→ Stored dataset items:
========================
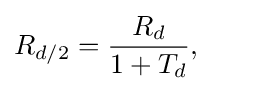
R_{d/2}={\frac {R_{d}}{1+T_{d}}},\qquad
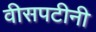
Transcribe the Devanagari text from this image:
वीसपटीनी
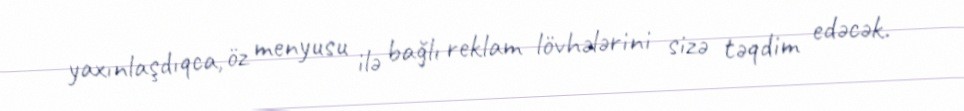
yaxınlaşdıqca, öz menyusu ilə bağlı reklam lövhələrini sizə təqdim edəcək.
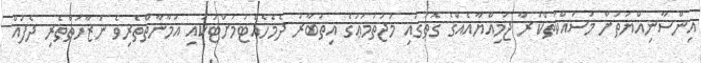
އިންސާނިއްޔަތަށް މަސައްކަތްކުރާ ޖަމިއްޔާއެއްގެ ގޮތުގައި މުޖުތަމަޢުގެ އިތުބާރު ދެމެހެއްޓުމަށްޓަކައި އަމާނާތްތެރިވެ ނަޒާހަތްތެރި ދެފުއް
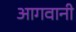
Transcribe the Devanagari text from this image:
आगवानी
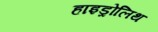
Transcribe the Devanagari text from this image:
हाइड्रोलिथ
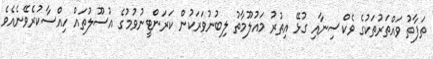
ތަފާތު ވައްތަރުތަކުގެ ވެކްސިނާއި ގުޅޭ އިތުރު މައުލޫމާތު ލިބުނުވަރަކުން ކަރަންޓީނުވުމުގެ އުސޫލުތައް ހިއްސާކުރެވޭނެއެވެ
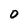
Character: 0
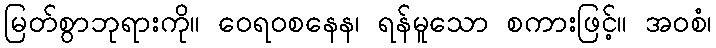
မြတ်စွာဘုရားကို။ ဝေရဝစနေန၊ ရန်မူသော စကားဖြင့်။ အဝစံ၊
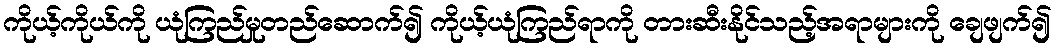
ကိုယ့်ကိုယ်ကို ယုံကြည်မှုတည်ဆောက်၍ ကိုယ့်ယုံကြည်ရာကို တားဆီးနိုင်သည့်အရာများကို ချေဖျက်၍
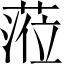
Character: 蒞
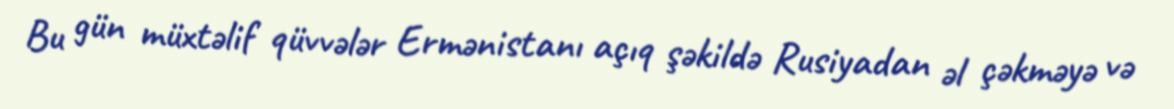
Bu gün müxtəlif qüvvələr Ermənistanı açıq şəkildə Rusiyadan əl çəkməyə və
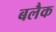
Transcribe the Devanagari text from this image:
बलैक
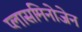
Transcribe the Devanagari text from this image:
प्लासमिनोजेन
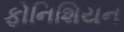
ફોનિશિયન
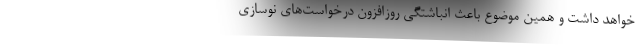
خواهد داشت و همین موضوع باعث انباشتگی روزافزون درخواست‌های نوسازی
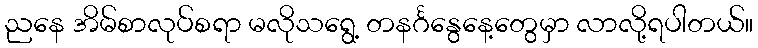
ညနေ အိမ်စာလုပ်စရာ မလိုသရွေ့ တနင်္ဂနွေနေ့တွေမှာ လာလို့ရပါတယ်။
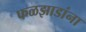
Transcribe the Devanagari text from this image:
फळझाडांना
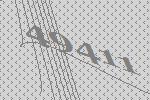
49411
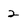
Character: 2
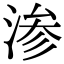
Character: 渗
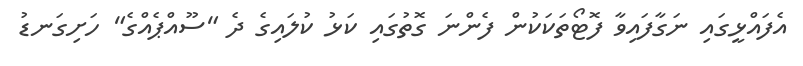
އެފައްޅީގައި ނަގާފައިވާ ފޮޓޯތަކަކުން ފެންނަ ގޮތުގައި ކަޅު ކުލައިގެ ދެ "ސޫއްޕެއްގެ" ހަށިގަނޑު
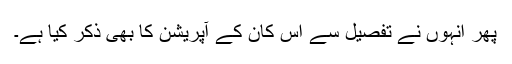
پھر انہوں نے تفصیل سے اس کان کے آپریشن کا بھی ذکر کیا ہے۔
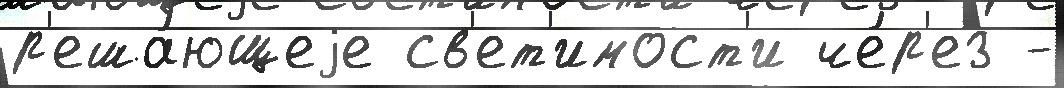
р'еша́ющеjе св'ет'имост'и че́р'ез -
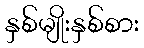
နှစ်မျိုးနှစ်စား
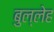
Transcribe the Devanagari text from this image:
बुल्लेह
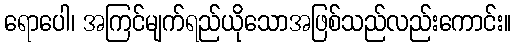
ရောပေါ၊ အကြင်မျက်ရည်ယိုသောအဖြစ်သည်လည်းကောင်း။
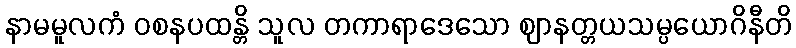
နာမမူလကံ ဝစနပထန္တိ သူလ တကာရာဒေသော ဈာနတ္တယသမ္ပယောဂိနီတိ
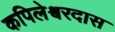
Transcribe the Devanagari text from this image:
कपिलेश्वरदास
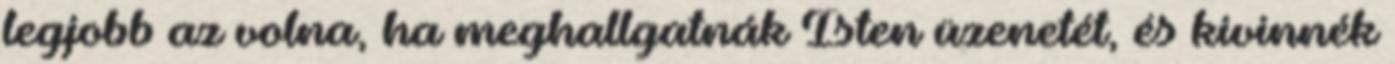
legjobb az volna, ha meghallgatnák Isten üzenetét, és kivinnék
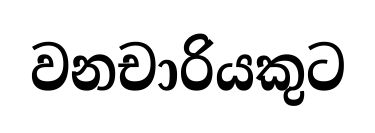
වනචාරියකුට
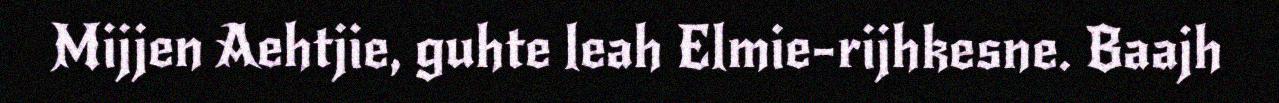
Mijjen Aehtjie, guhte leah Elmie-rijhkesne. Baajh
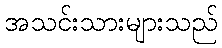
အသင်းသားများသည်
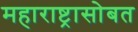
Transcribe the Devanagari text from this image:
महाराष्ट्रासोबत
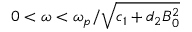
0 < \omega < \omega _ { p } / \sqrt { c _ { 1 } + d _ { 2 } B _ { 0 } ^ { 2 } }
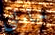
حاولتي
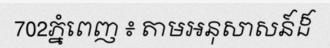
702ភ្នំពេញ ៖ តាមអនុសាសន៍ដ៏
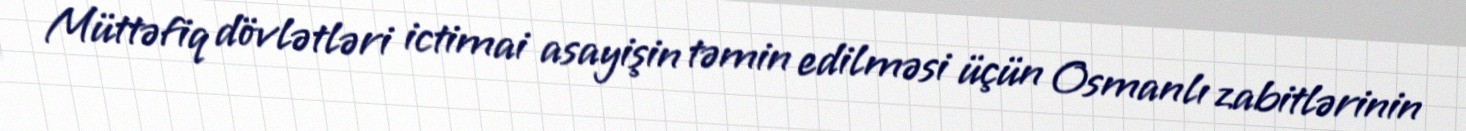
Müttəfiq dövlətləri ictimai asayişin təmin edilməsi üçün Osmanlı zabitlərinin
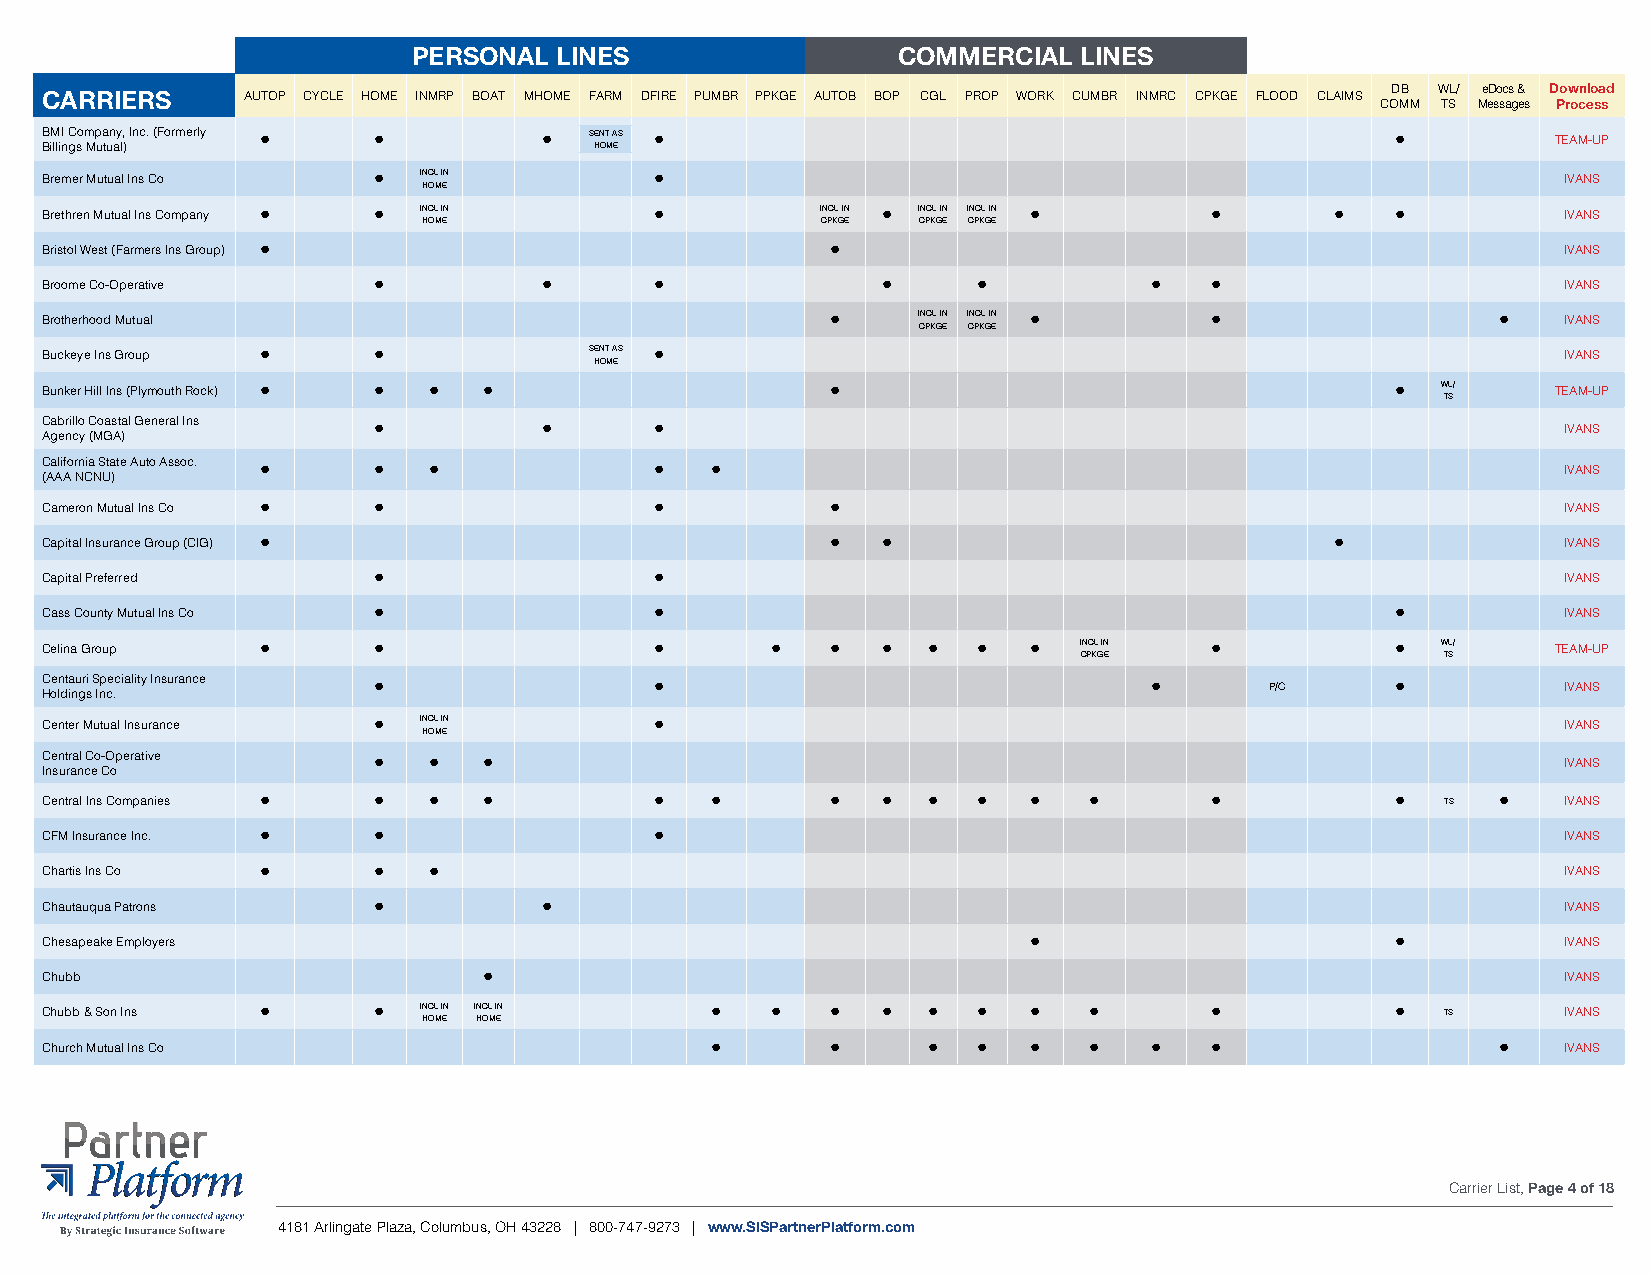
PERSONAL  LINES                 COMMERCIAL  LINES
 CARRIERS     AUTOP CYCLE HOME INMRP BOAT MHOME FARM DFIRE PUMBR PPKGE AUTOB BOP CGL PROP WORK CUMBR INMRC CPKGE FLOOD CLAIMS DB WL/ eDocs & Download
 COMM TS Messages Process
 BMI Company, Inc. (Formerly • •  •  SENT AS •                                            •          TEAM-UP
 Billings Mutual)                    HOME
 Bremer Mutual Ins Co  •  INCL IN        •                                                           IVANS
 HOME
 Brethren Mutual Ins Company • • INCL IN •          INCL IN • INCL IN INCL IN • •     •   •          IVANS
 HOME                      CPKGE  CPKGE CPKGE
 Bristol West (Farmers Ins Group) •                  •                                               IVANS
 Broome Co-Operative   •          •      •              •      •          •   •                      IVANS
 Brotherhood Mutual                                  •     INCL IN INCL IN •  •                  •   IVANS
 CPKGE CPKGE
 Buckeye Ins Group •   •             SENT AS •                                                       IVANS
 HOME
 Bunker Hill Ins (Plymouth Rock) • • • •             •                                    •  WL/     TEAM-UP
 TS
 Cabrillo Coastal General Ins •   •      •                                                           IVANS
 Agency (MGA)
 California State Auto Assoc. • • •      •   •                                                       IVANS
 (AAA NCNU)
 Cameron Mutual Ins Co • •               •           •                                               IVANS
 Capital Insurance Group (CIG) •                     •  •                             •              IVANS
 Capital Preferred     •                 •                                                           IVANS
 Cass County Mutual Ins Co •             •                                                •          IVANS
 Celina Group  •       •                 •       •   •  •  •   •  •  INCL IN  •           •  WL/     TEAM-UP
 CPKGE                    TS
 Centauri Speciality Insurance •         •                                •       P/C     •          IVANS
 Holdings Inc.
 Center Mutual Insurance • INCL IN       •                                                           IVANS
 HOME
 Central Co-Operative  •  •   •                                                                      IVANS
 Insurance Co
 Central Ins Companies • • •  •          •   •       •  •  •   •  •   •       •           •   TS •   IVANS
 CFM Insurance Inc. •  •                 •                                                           IVANS
 Chartis Ins Co •      •  •                                                                          IVANS
 Chautauqua Patrons    •          •                                                                  IVANS
 Chesapeake Employers                                             •                       •          IVANS
 Chubb                        •                                                                      IVANS
 Chubb & Son Ins •     •  IN HC OL M I EN IN HC OL M I EN • • • • • • • •     •           •   TS     IVANS
 Church Mutual Ins Co                        •       •     •   •  •   •   •   •                  •   IVANS
 Carrier List, Page 4 of 18
 4181 Arlingate Plaza, Columbus, OH 43228 | 800-747-9273 | www.SISPartnerPlatform.com
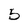
Character: 5
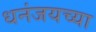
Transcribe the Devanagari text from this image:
धनंजयच्या
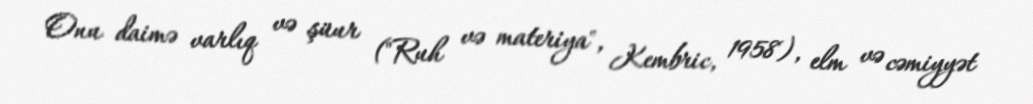
Onu daimə varlıq və şüur ("Ruh və materiya", Kembric, 1958), elm və cəmiyyət
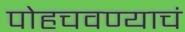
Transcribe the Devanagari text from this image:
पोहचवण्याचं
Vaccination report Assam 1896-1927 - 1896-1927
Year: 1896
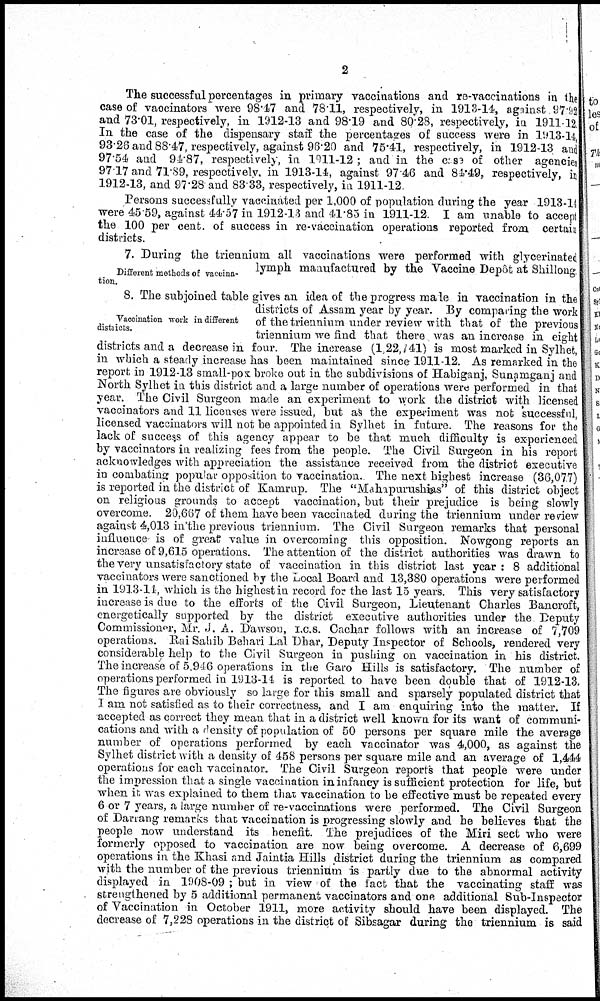
2
The successful percentages in primary vaccinations and re-vaccinations in the
case of vaccinators were 98.47 and 78.11, respectively, in 1913-14, against 97.92
and 73.01, respectively, in 1912-13 and 98.19 and 80.28, respectively, in 1911-12.
In the case of the dispensary staff the percentages of success were in 1913-14,
93.28 and 88.47, respectively, against 96.20 and 75.41, respectively, in 1912-13 and
97.54 and 94.87, respectively, in 1911-12 ; and in the case of other agencies
97.17 and 71.89, respectively in 1913-14, against 97 46 and 84.49, respectively, in
1912-13, and 97.28 and 83.33, respectively, in 1911-12
Persons successfully vaccinated per 1,000 of population during the year 1913-14
were 45.59, against 44.57 in 1912-13 and 41.85 in 1911-12. I am unable to accept
the 100 per cent. of success in re-vaccination operations reported from certain
districts.
Different methods of vaccina-
tion.
7. During the triennium all vaccinations were performed with glycerinated
lymph manufactured by the Vaccine Depôt at Shillong.
Vaccination work in different
districts.
8. The subjoined table gives an idea of the progress made in vaccination in the
districts of Assam year by year. By comparing the work
of the triennium under review with that of the previous
triennium we find that there was an increase in eight
districts and a decrease in four. The increase (1,22,741) is most marked in Sylhet,
in which a steady increase has been maintained since 1911-12. As remarked in the
report in 1912-13 small-pox broke out in the subdivisions of Habiganj, Sunamganj and
North Sylhet in this district and a large number of operations were performed in that
year. The Civil Surgeon made an experiment to work the district with licensed
vaccinators and 11 licenses were issued, but as the experiment was not successful,
licensed vaccinators will not be appointed in Sylhet in future. The reasons for the
lack of success of this agency appear to be that much difficulty is experienced
by vaccinators in realizing fees from the people. The Civil Surgeon in his report
acknowledges with appreciation the assistance received from the district executive
in combating popular opposition to vaccination. The next highest increase (36,077)
is reported in the district of Kamrup. The "Mahapurushias" of this district object
on religious grounds to accept vaccination, but their prejudice is being slowly
overcome. 20,667 of them have been vaccinated during the triennium under review
against 4,013 in the previous triennium. The Civil Surgeon remarks that personal
influence is of great value in overcoming this opposition. Nowgong reports an
increase of 9,615 operations. The attention of the district authorities was drawn to
the very unsatisfactory state of vaccination in this district last year: 8 additional
vaccinators were sanctioned by the Local Board and 13,380 operations were performed
in 1913-14, which is the highest in record for the last 15 years. This very satisfactory
increase is due to the efforts of the Civil Surgeon, Lieutenant Charles Bancroft,
energetically supported by the district executive authorities under the Deputy
Commissioner, Mr. J. A. Dawson, I.C.S. Cachar follows with an increase of 7,709
operations. Rai Sahib Behari Lal Dhar, Deputy Inspector of Schools, rendered very
considerable help to the Civil Surgeon in pushing on vaccination in his district.
The increase of 5,946 operations in the Garo Hills is satisfactory. The number of
operations performed in 1913-14 is reported to have been double that of 1912-13.
The figures are obviously so large for this small and sparsely populated district that
I am not satisfied as to their correctness, and I am enquiring into the matter. If
accepted as correct they mean that in a district well known for its want of communi-
cations and with a density of population of 50 persons per square mile the average
number of operations performed by each vaccinator was 4,000, as against the
Sylhet district with a density of 458 persons per square mile and an average of 1,444
operations for each vaccinator. The Civil Surgeon reports that people were under
the impression that a single vaccination in infancy is sufficient protection for life, but
when it was explained to them that vaccination to be effective must be repeated every
6 or 7 years, a large number of re-vaccinations were performed. The Civil Surgeon
of Darrang remarks that vaccination is progressing slowly and he believes that the
people now understand its benefit. The prejudices of the Miri sect who were
formerly opposed to vaccination are now being overcome. A decrease of 6,699
operations in the Khasi and Jaintia Hills district during the triennium as compared
with the number of the previous triennium is partly due to the abnormal activity
displayed in 1908-09 ; but in view of the fact that the vaccinating staff was
strengthened by 5 additional permanent vaccinators and one additional Sub-Inspector
of Vaccination in October 1911, more activity should have been displayed. The
decrease of 7,228 operations in the district of Sibsagar during the triennium is said
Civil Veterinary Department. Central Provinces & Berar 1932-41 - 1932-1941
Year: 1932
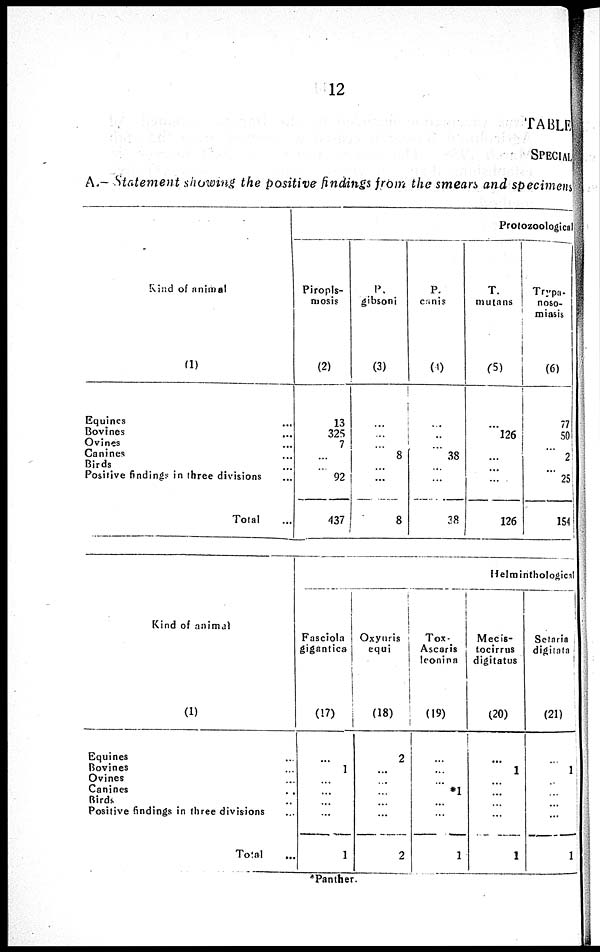
12
TABLE
SPECIAL
A.- Statement showing the positive findings from the smears and specimens
Kind of animal
(1)
Equines ...
Bovines ...
Ovines ...
Canines ...
Birds ...
Positive findings in three divisions ...
Total ...
Protozoological
Piropls-
mosis
(2)
13
325
7
...
...
92
437
P.
gibsoni
(3)
...
...
... 8
...
...
8
P.
canis
(4)
...
...
...
38
...
...
38
T.
mutans
(5)
...
126
...
...
...
...
126
Trypa-
noso-
miasis
(6)
77
50
...
2
...
25
154
Kind of animal
(1)
Equines ...
Bovines ...
Ovines ...
Canines ...
Birds ...
Positive findings in three divisions ...
Total
...
Helminthological
Fasciola
gigantica
(17)
...
1
...
...
...
...
1
Oxyuris
equi
(18)
2
...
...
...
...
...
2
Tox-
Ascaris
leonina
(19)
...
...
...
*1
...
...
1
Mecis-
tocirrus
digitatus
(20)
...
1
...
...
...
...
1
Setaria
digitata
(21)
...
1
...
...
...
...
1
*Panther.
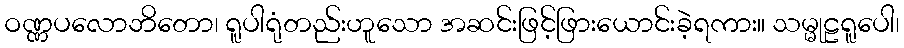
ဝဏ္ဏပလောဘိတော၊ ရူပါရုံတည်းဟူသော အဆင်းဖြင့်ဖြားယောင်းခဲ့ရကား။ သမ္မုဠရူပေါ၊
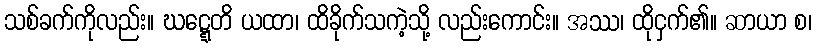
သစ်ခက်ကိုလည်း။ ဃဋ္ဋေတိ ယထာ၊ ထိခိုက်သကဲ့သို့ လည်းကောင်း။ အဿ၊ ထိုငှက်၏။ ဆာယာ စ၊
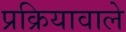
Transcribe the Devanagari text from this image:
प्रक्रियावाले
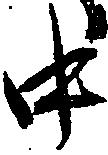
中
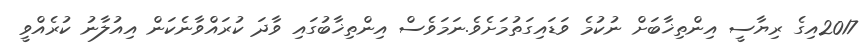
2017އިގެ ރިޔާސީ އިންތިޚާބަށް ނުކުމެ ވަޑައިގަތުމަށެވެ.ނަމަވެސް އިންތިޚާބުގައި ވާދަ ކުރައްވާނެކަން އިއުލާނު ކުރެއްވީ
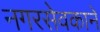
========================
→ Assignment: Copy out every line from the records that has the word "Surgeon".

→ Answer box:
year. The Civil Surgeon made an experiment to work the district with licensed
by vaccinators in realizing fees from the people. The Civil Surgeon in his report
against 4,013 in the previous triennium. The Civil Surgeon remarks that personal
increase is due to the efforts of the Civil Surgeon, Lieutenant Charles Bancroft,
considerable help to the Civil Surgeon in pushing on vaccination in his district.
operations for each vaccinator. The Civil Surgeon reports that people were under
6 or 7 years, a large number of re-vaccinations were performed. The Civil Surgeon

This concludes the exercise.